Filter the entries below, keeping every line that has the word "style".

**Stored items:**
★ ★ ★ ★
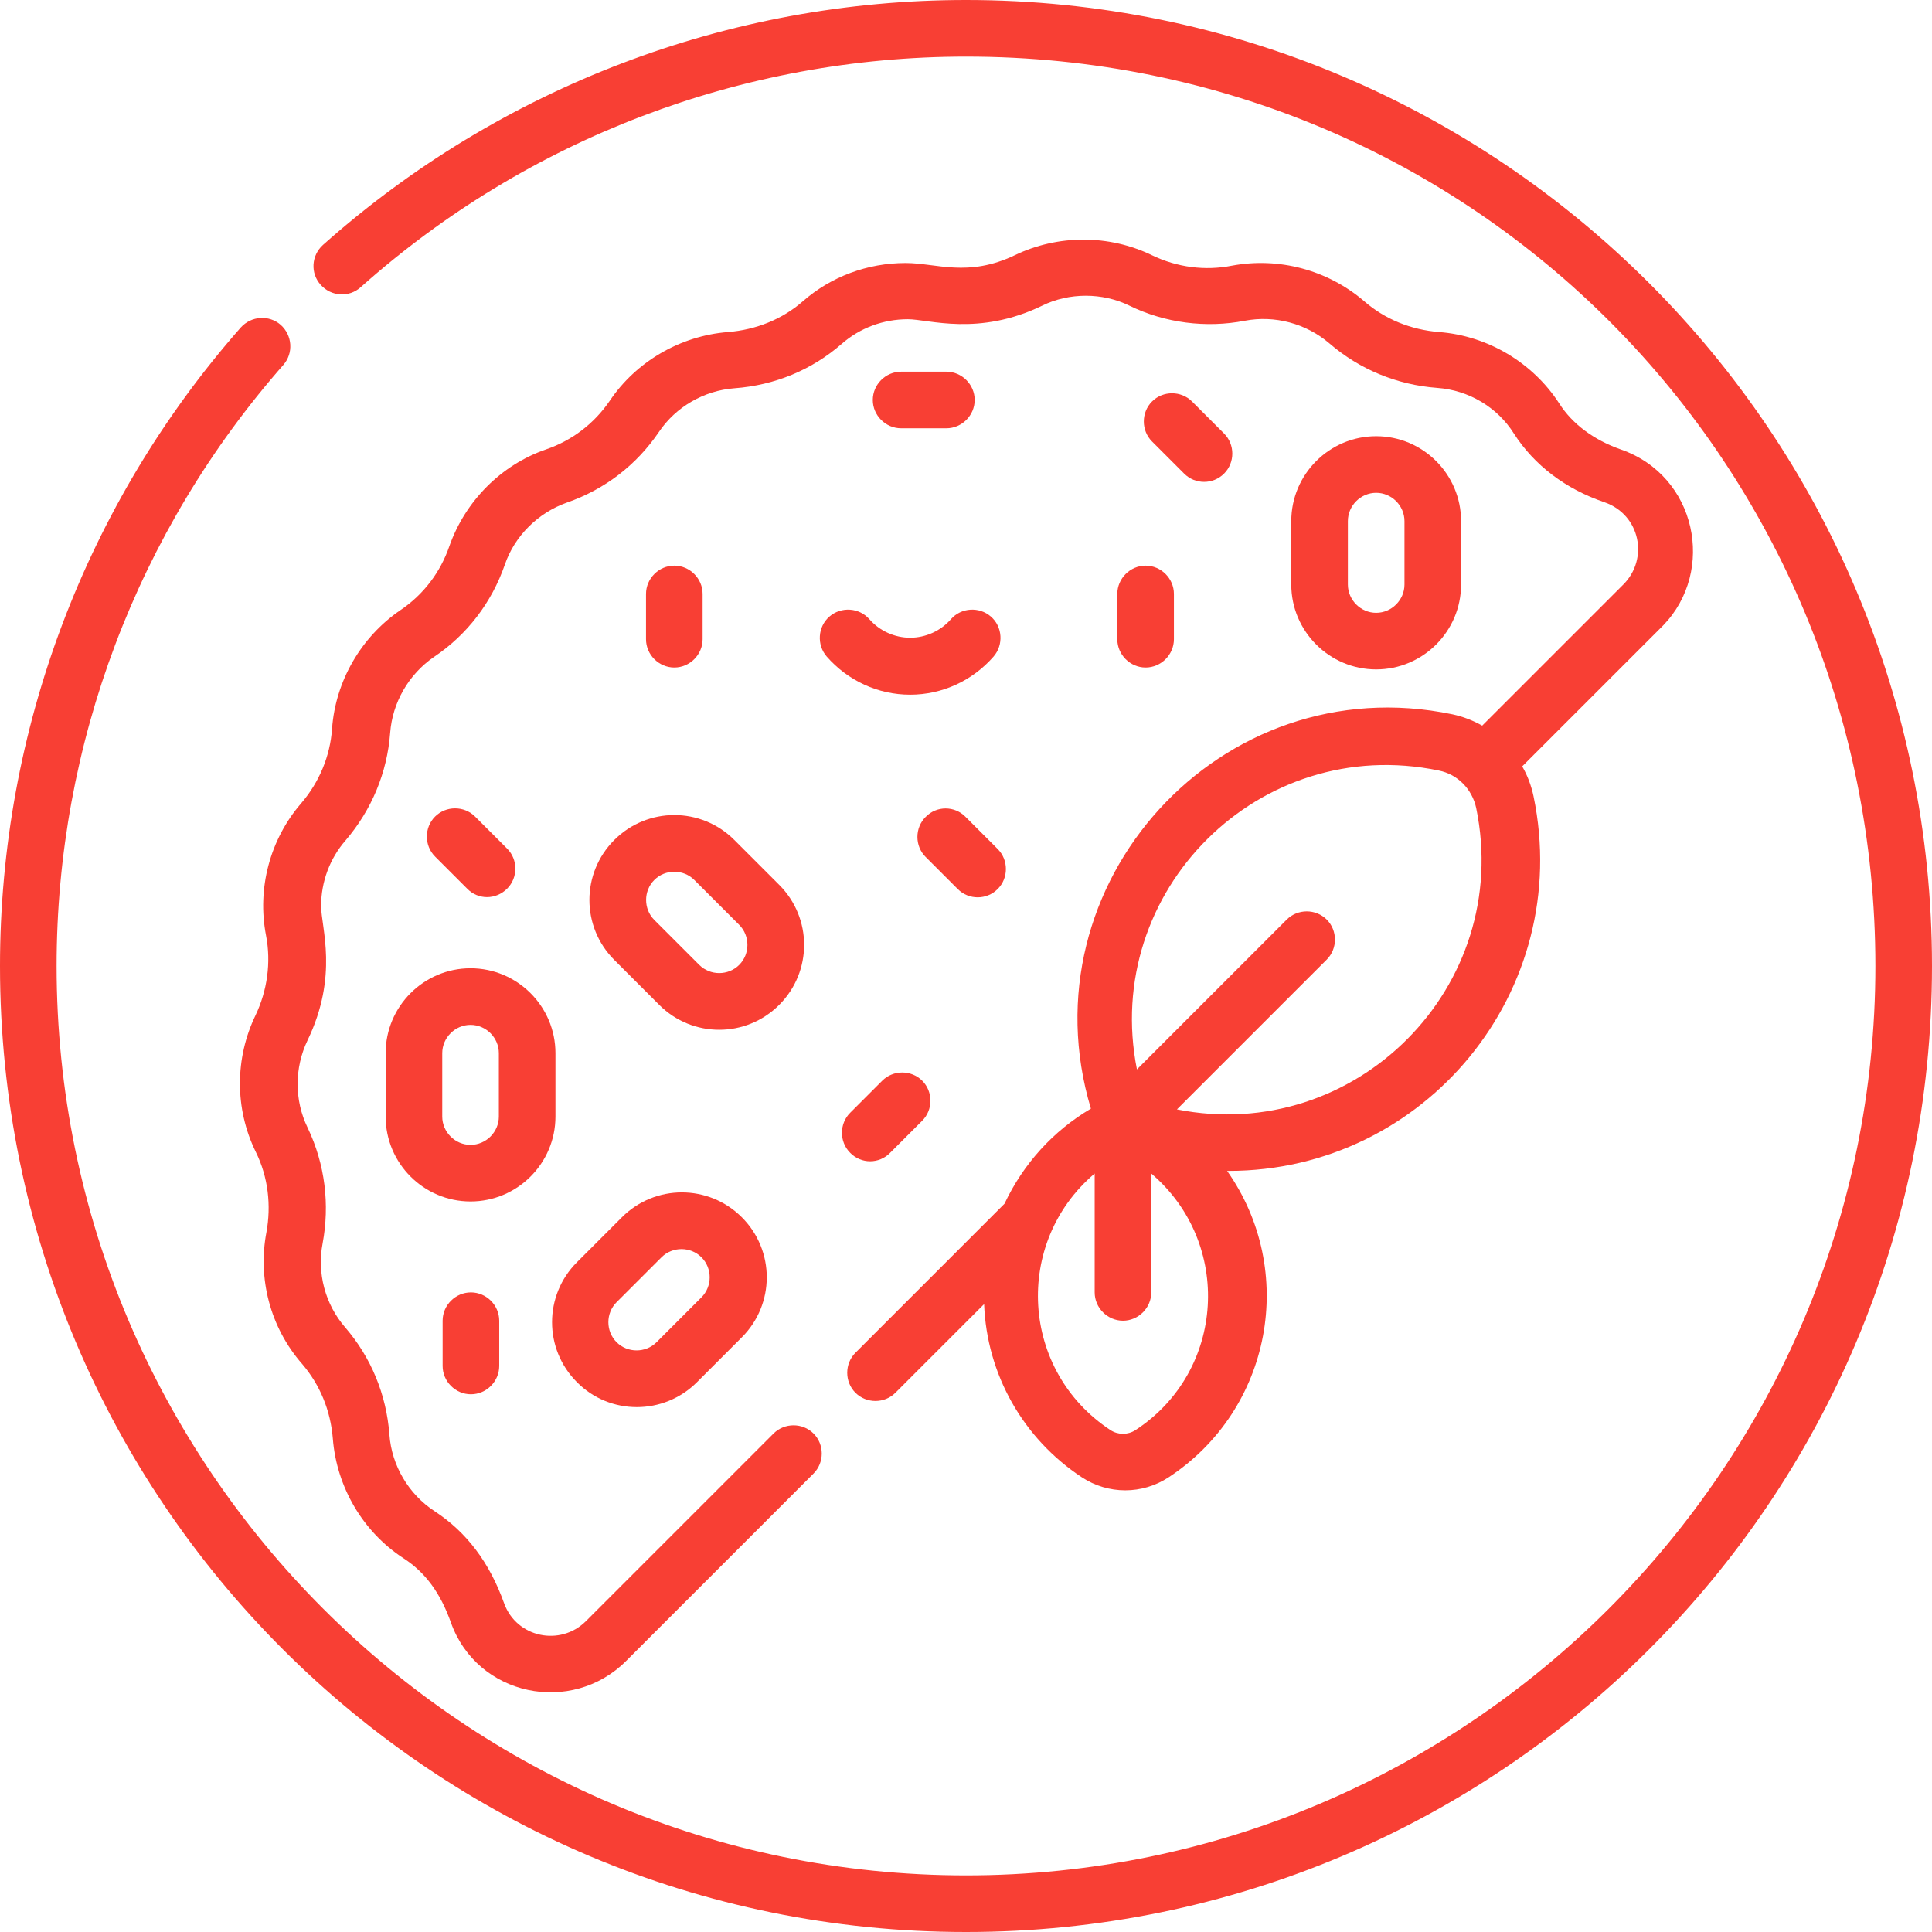 <?xml version="1.0" encoding="utf-8"?>
<!-- Generator: Adobe Illustrator 26.5.0, SVG Export Plug-In . SVG Version: 6.00 Build 0)  -->
<svg version="1.1" id="Layer_1" xmlns="http://www.w3.org/2000/svg" xmlns:xlink="http://www.w3.org/1999/xlink" x="0px" y="0px"
	 viewBox="0 0 512 512" style="enable-background:new 0 0 512 512;" xml:space="preserve">
<style type="text/css">
	.st0{fill:#F83F34;}
</style>
<g>
	<path class="st0" d="M186.2,169.4v-12c0-4.1-3.4-7.5-7.5-7.5s-7.5,3.4-7.5,7.5v12c0,4.1,3.4,7.5,7.5,7.5S186.2,173.5,186.2,169.4z"
		/>
	<path class="st0" d="M296.1,157.4v12c0,4.1,3.4,7.5,7.5,7.5s7.5-3.4,7.5-7.5v-12c0-4.1-3.4-7.5-7.5-7.5S296.1,153.3,296.1,157.4z"
		/>
	<path class="st0" d="M219.8,163.4c-3.1,2.7-3.4,7.5-0.7,10.6c5.6,6.4,13.6,10.1,22.1,10.1s16.5-3.7,22.1-10.1
		c2.7-3.1,2.4-7.9-0.7-10.6c-3.1-2.7-7.9-2.4-10.6,0.7c-2.7,3.1-6.7,4.9-10.8,4.9s-8.1-1.8-10.8-4.9
		C227.7,161,222.9,160.7,219.8,163.4L219.8,163.4z"/>
	<path class="st0" d="M238.8,113.5h12c4.1,0,7.5-3.4,7.5-7.5s-3.4-7.5-7.5-7.5h-12c-4.1,0-7.5,3.4-7.5,7.5S234.7,113.5,238.8,113.5z
		"/>
	<path class="st0" d="M313.8,125.5c1.5,1.5,3.4,2.2,5.3,2.2s3.8-0.7,5.3-2.2c2.9-2.9,2.9-7.7,0-10.6l-8.5-8.5
		c-2.9-2.9-7.7-2.9-10.6,0c-2.9,2.9-2.9,7.7,0,10.6L313.8,125.5z"/>
	<path class="st0" d="M245.3,216.5c-2.9,2.9-2.9,7.7,0,10.6l8.5,8.5c1.5,1.5,3.4,2.2,5.3,2.2s3.8-0.7,5.3-2.2
		c2.9-2.9,2.9-7.7,0-10.6l-8.5-8.5C253,213.5,248.2,213.5,245.3,216.5L245.3,216.5z"/>
	<path class="st0" d="M235.9,305.5l8.5-8.5c2.9-2.9,2.9-7.7,0-10.6c-2.9-2.9-7.7-2.9-10.6,0l-8.5,8.5c-2.9,2.9-2.9,7.7,0,10.6
		C228.2,308.5,233,308.5,235.9,305.5z"/>
	<path class="st0" d="M134.4,235.5c2.9-2.9,2.9-7.7,0-10.6l-8.5-8.5c-2.9-2.9-7.7-2.9-10.6,0c-2.9,2.9-2.9,7.7,0,10.6l8.5,8.5
		C126.7,238.5,131.4,238.5,134.4,235.5z"/>
	<path class="st0" d="M117.3,350v12c0,4.1,3.4,7.5,7.5,7.5s7.5-3.4,7.5-7.5v-12c0-4.1-3.4-7.5-7.5-7.5S117.3,345.9,117.3,350z"/>
	<path class="st0" d="M206.5,234.5l-11.9-11.9c-8.8-8.8-23-8.8-31.8,0c-8.8,8.8-8.8,23,0,31.8l11.9,11.9c8.8,8.8,23,8.8,31.8,0
		C215.3,257.5,215.3,243.3,206.5,234.5L206.5,234.5z M195.9,255.7c-2.9,2.9-7.7,2.9-10.6,0l-11.9-11.9c-2.9-2.9-2.9-7.7,0-10.6
		c2.9-2.9,7.7-2.9,10.6,0l11.9,11.9C198.8,248,198.8,252.8,195.9,255.7z"/>
	<path class="st0" d="M184.7,366.3l11.9-11.9c8.8-8.8,8.8-23,0-31.8c-8.8-8.8-23-8.8-31.8,0l-11.9,11.9c-8.8,8.8-8.8,23,0,31.8
		C161.6,375.1,175.9,375.1,184.7,366.3z M163.4,345.1l11.9-11.9c2.9-2.9,7.7-2.9,10.6,0c2.9,2.9,2.9,7.7,0,10.6L174,355.7
		c-2.9,2.9-7.7,2.9-10.6,0C160.5,352.8,160.5,348,163.4,345.1z"/>
	<path class="st0" d="M147.2,295.9v-16.8c0-12.4-10.1-22.5-22.5-22.5s-22.5,10.1-22.5,22.5v16.8c0,12.4,10.1,22.5,22.5,22.5
		S147.2,308.3,147.2,295.9z M132.2,295.9c0,4.1-3.4,7.5-7.5,7.5s-7.5-3.4-7.5-7.5v-16.8c0-4.1,3.4-7.5,7.5-7.5s7.5,3.4,7.5,7.5
		V295.9z"/>
	<path class="st0" d="M387.2,154.9v-16.8c0-12.4-10.1-22.5-22.5-22.5s-22.5,10.1-22.5,22.5v16.8c0,12.4,10.1,22.5,22.5,22.5
		S387.2,167.3,387.2,154.9z M357.2,154.9v-16.8c0-4.1,3.4-7.5,7.5-7.5s7.5,3.4,7.5,7.5v16.8c0,4.1-3.4,7.5-7.5,7.5
		S357.2,159,357.2,154.9z"/>
	<path class="st0" d="M429.5,119.1c-7.1-2.5-12.8-6.7-16.3-12.2c-7-10.8-18.9-17.9-31.8-18.9c-7.5-0.6-14.4-3.4-19.9-8.2
		c-9.7-8.3-22.6-11.7-35-9.4c-7.1,1.4-14.5,0.5-21.3-2.8c-5.6-2.7-11.8-4.1-18.1-4.1c-6.2,0-12.5,1.4-18.1,4.1
		c-12.5,6-20.9,2.1-29,2.1c-10.1,0-19.8,3.6-27.3,10.2c-5.4,4.7-12.3,7.5-19.8,8.1c-12.6,1-24.3,7.8-31.3,18.2
		c-4.1,6-9.9,10.5-16.9,12.9c-11.9,4.1-21.4,13.7-25.6,25.6c-2.4,7-6.9,12.9-13,17c-10.4,7.1-17.2,18.8-18.1,31.4
		c-0.5,7.3-3.4,14.2-8.2,19.8c-8.3,9.6-11.7,22.6-9.3,35c1.4,7.2,0.3,14.7-2.8,21.2c-5.4,11.2-5.6,24.6,0.1,36.2
		c3.3,6.7,4.1,14.2,2.8,21.3c-2.3,12.1,0.9,25.1,9.5,34.9c4.7,5.5,7.5,12.3,8.1,19.7c1,12.9,8,24.8,18.8,31.8
		c5.7,3.7,9.7,9.1,12.5,17c7,19.6,32,24.6,46.4,10.2l49.7-49.7c2.9-2.9,2.9-7.7,0-10.6c-2.9-2.9-7.7-2.9-10.6,0l-49.7,49.7
		c-6.8,6.8-18.4,4.4-21.7-4.7c-3.9-10.9-10-18.9-18.4-24.4c-6.9-4.5-11.4-12.1-12-20.3c-0.8-10.7-4.9-20.5-11.7-28.4
		c-5.4-6.2-7.5-14.5-6-22.3c1.9-10.2,0.7-20.9-4-30.7c-3.5-7.2-3.5-15.8,0-23.1c8.3-17.2,3.6-29.9,3.6-35.6c0-6.4,2.3-12.6,6.5-17.4
		c6.9-8.1,11-17.9,11.8-28.5c0.6-8,4.9-15.5,11.6-20.1c8.8-5.9,15.3-14.4,18.8-24.5c2.6-7.6,8.8-13.7,16.4-16.4
		c10.1-3.5,18.5-10,24.4-18.7c4.5-6.7,12-11,20-11.6c10.8-0.8,20.6-4.9,28.5-11.8c4.8-4.2,11-6.5,17.5-6.5c5.5,0,18.7,4.6,35.6-3.6
		c7.1-3.5,16-3.5,23.1,0c9.4,4.6,20.3,6,30.6,4c7.9-1.5,16.2,0.7,22.4,6c8,6.9,17.9,11,28.6,11.8c8.3,0.6,15.9,5.1,20.3,12.1
		c5.4,8.4,13.7,14.7,24,18.2c9.5,3.3,11.8,15,5,21.8l-37.4,37.4c-2.5-1.4-5.1-2.4-7.9-3c-61.4-12.8-113.7,44.9-95.8,104.5
		c-10,5.9-17.9,14.6-22.9,25.2l-39.5,39.5c-2.9,2.9-2.9,7.7,0,10.6c2.9,2.9,7.7,2.9,10.6,0l23.5-23.5c0.7,18.6,10.3,35.6,25.9,45.9
		c7,4.6,16,4.6,23,0c27.4-18,34.1-54.8,15.5-81.2c0.1,0,0.3,0,0.4,0c52.1,0,91.5-47.8,80.8-99.3c-0.6-2.8-1.6-5.5-3-7.9l37.4-37.4
		C454.7,151.3,449.7,126.1,429.5,119.1L429.5,119.1z M300.9,379c-2,1.3-4.6,1.3-6.6,0c-23.9-15.7-25.8-49.7-4.2-68v31.5
		c0,4.1,3.4,7.5,7.5,7.5s7.5-3.4,7.5-7.5v-31.5C326.7,329.4,324.8,363.4,300.9,379z M311.9,294l39.7-39.7c2.9-2.9,2.9-7.7,0-10.6
		c-2.9-2.9-7.7-2.9-10.6,0l-39.7,39.7c-9.4-47.2,32.4-89.1,80-79.2c5,1,8.8,4.9,9.9,9.9C401,261.6,359.1,303.4,311.9,294L311.9,294z
		"/>
	<path class="st0" d="M256,0C193.1,0,132.6,23.1,85.6,64.9c-3.1,2.8-3.4,7.5-0.6,10.6c2.8,3.1,7.5,3.4,10.6,0.6
		C139.8,36.7,196.8,15,256,15c135.2,0,241,108.5,241,241c0,132.9-108.1,241-241,241S15,388.9,15,256c0-58.7,21.4-115.3,60.1-159.3
		c2.7-3.1,2.4-7.8-0.7-10.6c-3.1-2.7-7.8-2.4-10.6,0.7C22.7,133.5,0,193.6,0,256c0,141.5,114.5,256,256,256c141,0,256-114,256-256
		C512,114.4,397.1,0,256,0z"/>
</g>
</svg>
★ ★ ★ ★
**Result of the task:**
	 viewBox="0 0 512 512" style="enable-background:new 0 0 512 512;" xml:space="preserve">
<style type="text/css">
</style>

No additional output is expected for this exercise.